The result: By taking the time and effort to understand and analyse the client’s requirements, we created uniqueness that was worth paying for! All of the games were structured according to the sequence in which the centre taught these skills in their classrooms. One year down the line, a parent satisfaction survey revealed high rankings of the product on almost all parameters.


The Tale of an eLearning vendor who said "yes" and one that didn’t

Okay, this one is for you to decide what type of eLearning vendor would work best for you. Here’s an actual example, and just for fun and clarity of how it went down, let’s use a dialogue format:

Client: We have a list of topics. We need you to create 2–5-minute videos on each.

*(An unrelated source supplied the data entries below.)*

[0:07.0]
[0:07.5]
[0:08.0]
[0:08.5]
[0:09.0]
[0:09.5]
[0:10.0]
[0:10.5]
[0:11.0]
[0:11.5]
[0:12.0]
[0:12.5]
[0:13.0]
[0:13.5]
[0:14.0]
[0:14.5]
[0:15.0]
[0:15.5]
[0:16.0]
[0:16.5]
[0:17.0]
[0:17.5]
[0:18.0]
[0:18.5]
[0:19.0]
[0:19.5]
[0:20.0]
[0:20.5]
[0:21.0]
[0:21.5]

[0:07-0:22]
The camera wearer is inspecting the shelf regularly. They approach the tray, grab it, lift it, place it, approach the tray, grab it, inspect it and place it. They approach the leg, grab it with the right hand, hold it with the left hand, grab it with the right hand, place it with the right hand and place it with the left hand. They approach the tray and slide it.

Instructional Designer: Sure, micro-learning is the thing! Let’s talk numbers: how many do you need, in what time frame, and oh yes, do you have content ready? We’ll give you a budget accordingly.

Client: 150 topics. Within ‘x’ months. Content is in recordings of our classroom videos. Transcribe the videos and that would be your content.

ID (gets to work):

  • Creates a prototype of an explainer video from whatever content they could extract from the videos.

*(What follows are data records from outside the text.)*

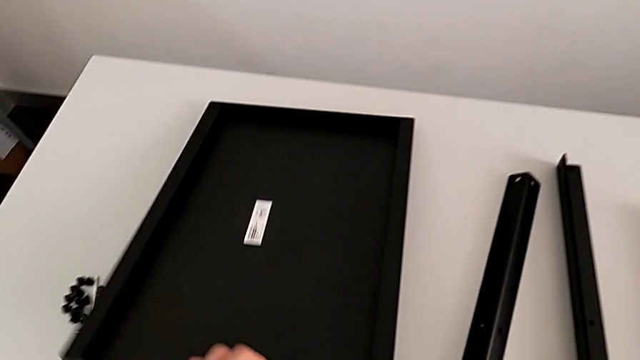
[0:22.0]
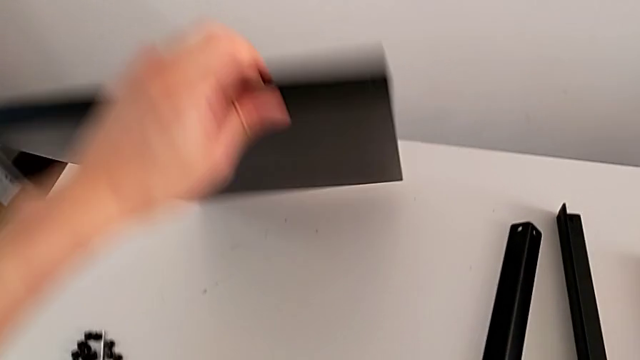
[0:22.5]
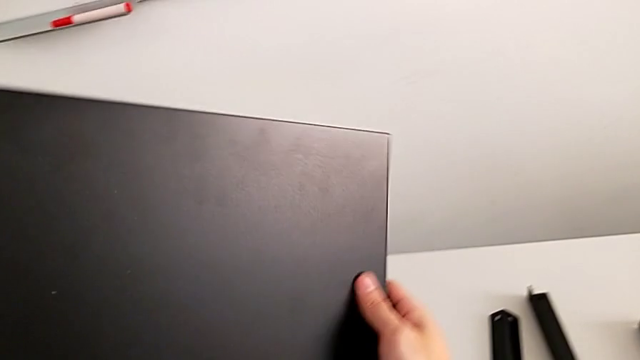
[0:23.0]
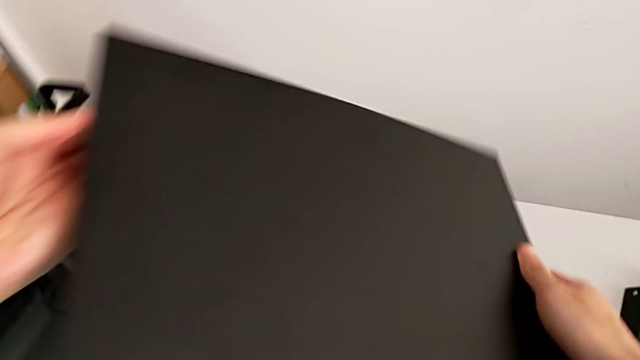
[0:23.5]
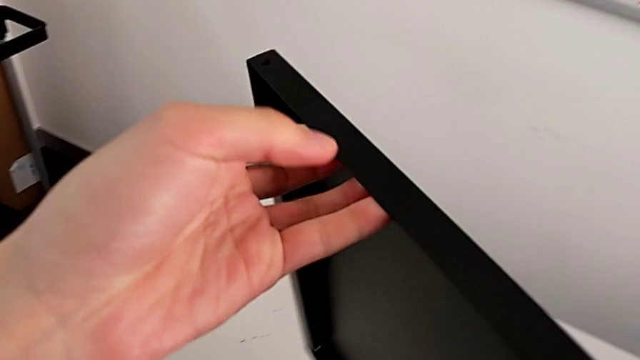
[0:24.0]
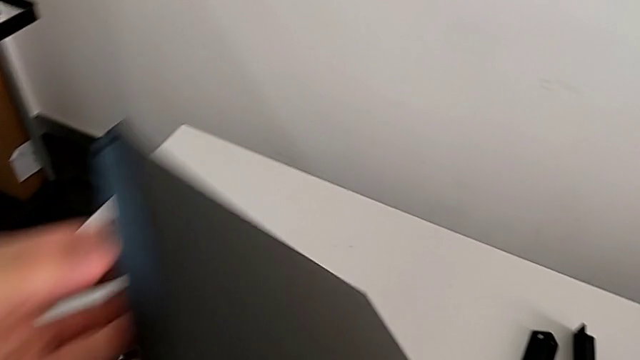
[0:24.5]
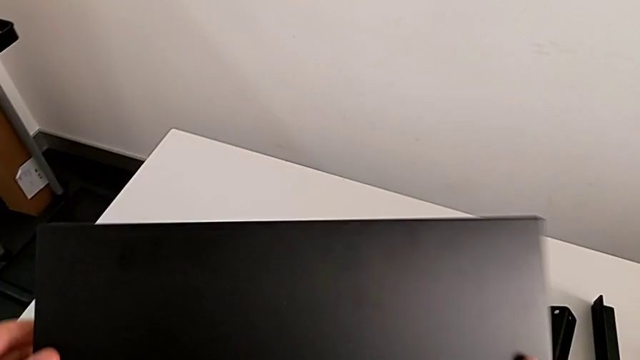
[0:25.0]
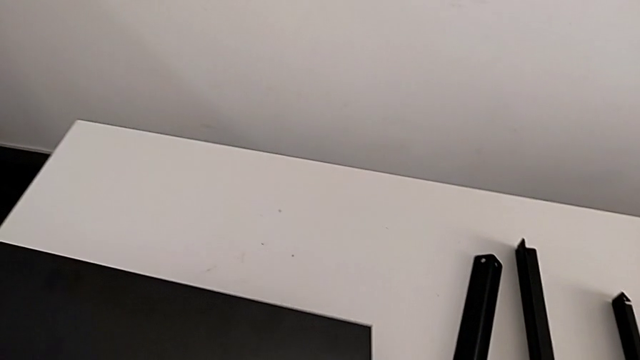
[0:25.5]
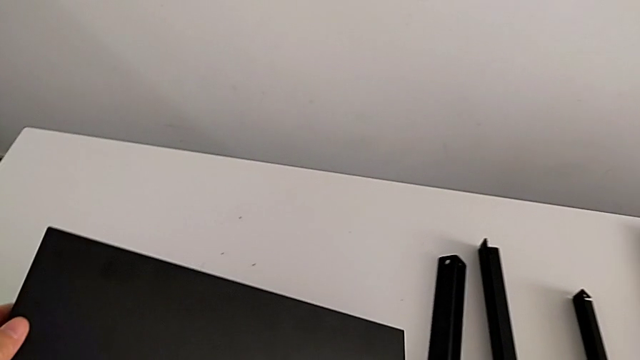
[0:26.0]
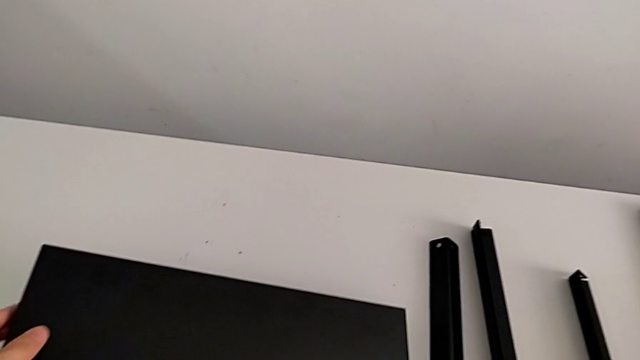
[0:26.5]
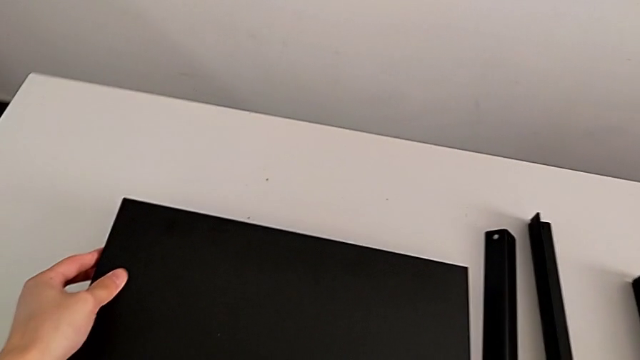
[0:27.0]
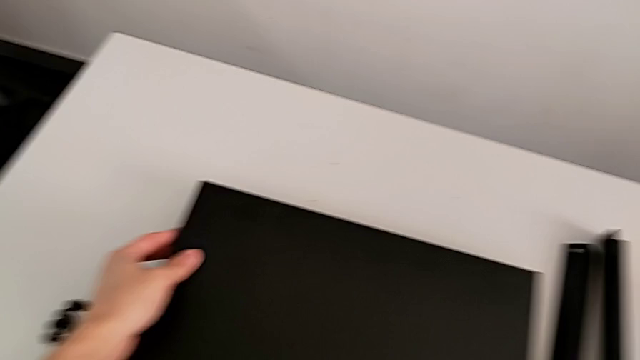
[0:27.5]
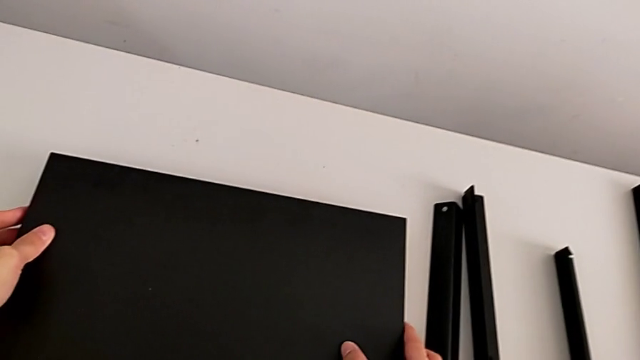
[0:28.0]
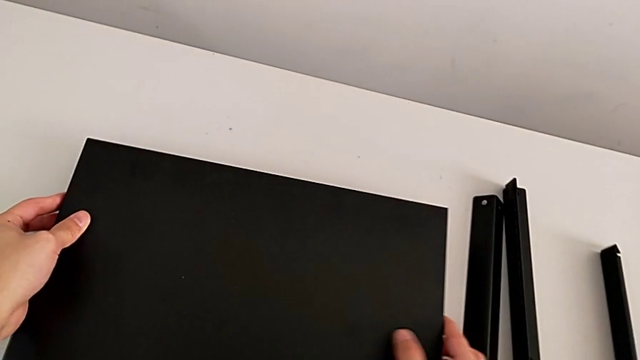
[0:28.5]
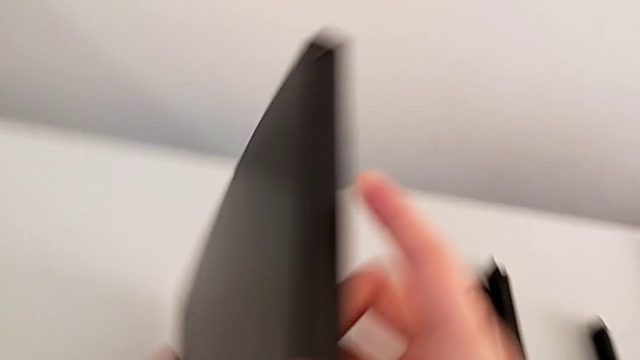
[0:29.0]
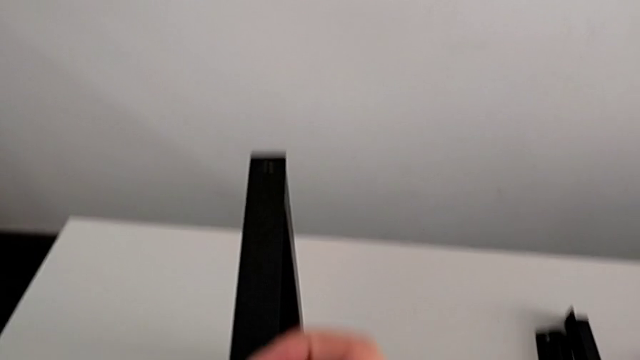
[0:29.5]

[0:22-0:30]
The camera wearer is inspecting the shelf regularly. They rotate the tray, hold it and wrongly rotate it.

  • Hires a larger team to get the work done faster.

  • Charges the client for the number of animations done on an expedited timeline.

Client (after a year): Most teachers are not accessing these animations. The teaching practises haven’t improved. We still see the same problems in the classroom.

ID: Don’t worry, I’ve got a solution. We can add more videos to make sure they understand everything.

Client: Oh!!!!

Let’s replay this with an eLearning Consultant.

Consultant: Can you tell me more about your objectives for these animations?

Client: We want to train new teachers. They need to be know the curriculum, our pedagogy, our parent communication policies, the processes they need to follow…

Consultant: With your original requirement of animations and videos, you'll end up with a content repository. We need to train teachers systematically without cognitive load and ensure they are able to apply what they learn in the classroom.

After detailed discussions over several meetings, the consultant identifies the learning objectives and presents her solution.

  1. She starts off with a content outline based on the sequence of skills the learners need.

  2. Each module is split into bite-sized lessons with relevant scenarios for applying what they have learnt in real-life situations.

  3. To cater to different types of learners, the consultant uses a mix of text-based screens with the option of playing the audio (for auditory learners), and short, interactive animations that have the learner taking note of important points and even taking decisions to reach different points of the scenario.

  4. She designs interim tests to check understanding and module-end quizzes to check the preparedness of the employees.

  5. She presents a flipped learning and blended learning approach where teachers would learn at their own pace and then attend workshops to practice with other teachers with the trainer's help.

Client (after a year): This is exactly what we needed! The teachers are retaining the information and are able to apply it in the classrooms.

Consultant: I’m glad I could help!


A useful eLearning Consultant will help you move from EdTech-based solution to a needs- and performance-based solution.

Design resources that help learners with their challenges. Focus on the learners' needs and the learning experience. Find your elephant!